Top of Source data

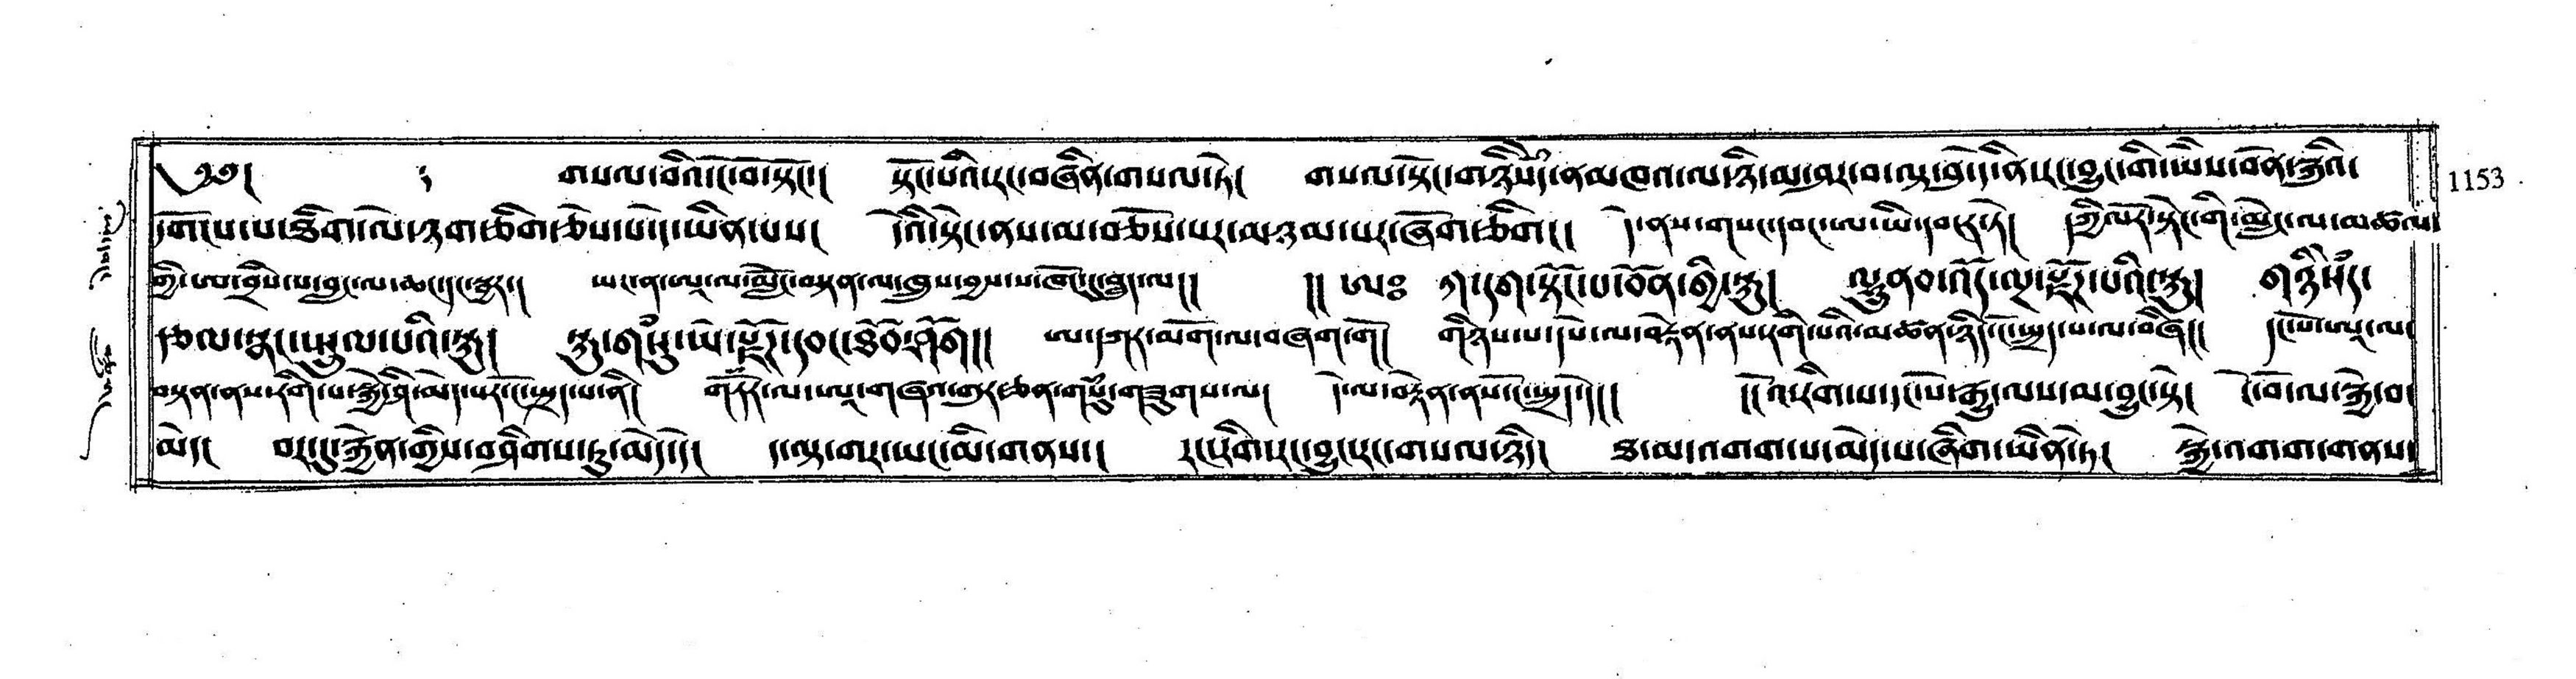གསལ་བའི་ངོ་བོ་སྟོང་། སྟོང་པའི་རང་བཞིན་གསལ་ཏེ། གསལ་སྟོང་གཉིས་མེད་ནམ་མཁའ་ལ་ཉི་མ་ཤར་བ་ལྟ་བུ་དེ་ནི་རང་བྱུང་གི་ཡེ་ཤེས་བོན་སྐུའི་
དགོངས་པ་ཐིག་ལེ་ཉག་ཅིག་ཅེས་པ་དེ་ཡིན་པས། དེའི་སྟེང་ནས་མ་བཅོས་པར་མཉམ་པར་ཞོག་ཅིག དེ་ནས་གསང་དབང་ཨ་ཡི་དབང་བསྐུར་ཏེ། དཀྱིལ་འཁོར་སྟེང་གི་མེ་ལོང་ལ་མཚལ་
གྱི་ཨ་བྲིས་པ་བླང་ལ་ཆང་དང་སྦྱར། ཡང་ན་ཨཱ་ལ་མེ་ལོང་བསྟན་ལ་ཁྲུས་བྱས་པ་ཁོང་དུ་བླུད་ལ།། །།ཨཿ ཀ་དག་སྟོང་པ་བོན་གྱི་སྐུ། ལྷུན་གྲུབ་འོད་ལྔ་རྫོགས་པའི་སྐུ། གཉིས་མེད་
རྩལ་སྣང་སྤྲུལ་པའི་སྐུ། སྐུ་གསུམ་ཡེ་རྫོགས་དབང་ཐོབ་ཤོག ཨ་དཀར་མགོ་ལ་བཞག་གོ གཉིས་པ་དཔེ་ལ་བརྟེན་ནས་རིག་པའི་མཚན་ཉིད་ངོ་སྤྲད་པ་ལ་བཞི།། དང་པོ་ཨཱ་ལ་
བསྟན་ནས་རིག་པ་སྐྱེ་ཤི་མེད་པར་ངོ་སྤྲད་པ་ནི། གཏོར་མ་ལ་ཨཱ་གཞའ་གུར་ཅན་གསུམ་གཟུགས་ལ། དེ་ལ་བརྟེན་ནས་ངོ་སྤྲད་དེ། །།འོ་རིག་པ་དང་པོ་རྒྱུ་ལས་མ་བྱུང་སྟེ། ངོ་བོ་ལ་སྐྱེ་བ་
མེད། བར་དུ་རྐྱེན་གྱིས་བཤིགས་ཏུ་མེད་དེ། ད་ལྟ་གར་ཡང་མི་གནས། རང་རིག་རང་བྱུང་རང་གསལ་ཉིད། ཐ་མ་འགག་པ་མེད་པ་ཞིག་ཡིན་ཏེ། སྐྱེ་འགག་གནས་

Bottom of Source data

Starting at the first entry above and ending at the last, write everything out exactly except the pictures.

གསལ་བའི་ངོ་བོ་སྟོང་། སྟོང་པའི་རང་བཞིན་གསལ་ཏེ། གསལ་སྟོང་གཉིས་མེད་ནམ་མཁའ་ལ་ཉི་མ་ཤར་བ་ལྟ་བུ་དེ་ནི་རང་བྱུང་གི་ཡེ་ཤེས་བོན་སྐུའི་
དགོངས་པ་ཐིག་ལེ་ཉག་ཅིག་ཅེས་པ་དེ་ཡིན་པས། དེའི་སྟེང་ནས་མ་བཅོས་པར་མཉམ་པར་ཞོག་ཅིག དེ་ནས་གསང་དབང་ཨ་ཡི་དབང་བསྐུར་ཏེ། དཀྱིལ་འཁོར་སྟེང་གི་མེ་ལོང་ལ་མཚལ་
གྱི་ཨ་བྲིས་པ་བླང་ལ་ཆང་དང་སྦྱར། ཡང་ན་ཨཱ་ལ་མེ་ལོང་བསྟན་ལ་ཁྲུས་བྱས་པ་ཁོང་དུ་བླུད་ལ།། །།ཨཿ ཀ་དག་སྟོང་པ་བོན་གྱི་སྐུ། ལྷུན་གྲུབ་འོད་ལྔ་རྫོགས་པའི་སྐུ། གཉིས་མེད་
རྩལ་སྣང་སྤྲུལ་པའི་སྐུ། སྐུ་གསུམ་ཡེ་རྫོགས་དབང་ཐོབ་ཤོག ཨ་དཀར་མགོ་ལ་བཞག་གོ གཉིས་པ་དཔེ་ལ་བརྟེན་ནས་རིག་པའི་མཚན་ཉིད་ངོ་སྤྲད་པ་ལ་བཞི།། དང་པོ་ཨཱ་ལ་
བསྟན་ནས་རིག་པ་སྐྱེ་ཤི་མེད་པར་ངོ་སྤྲད་པ་ནི། གཏོར་མ་ལ་ཨཱ་གཞའ་གུར་ཅན་གསུམ་གཟུགས་ལ། དེ་ལ་བརྟེན་ནས་ངོ་སྤྲད་དེ། །།འོ་རིག་པ་དང་པོ་རྒྱུ་ལས་མ་བྱུང་སྟེ། ངོ་བོ་ལ་སྐྱེ་བ་
མེད། བར་དུ་རྐྱེན་གྱིས་བཤིགས་ཏུ་མེད་དེ། ད་ལྟ་གར་ཡང་མི་གནས། རང་རིག་རང་བྱུང་རང་གསལ་ཉིད། ཐ་མ་འགག་པ་མེད་པ་ཞིག་ཡིན་ཏེ། སྐྱེ་འགག་གནས་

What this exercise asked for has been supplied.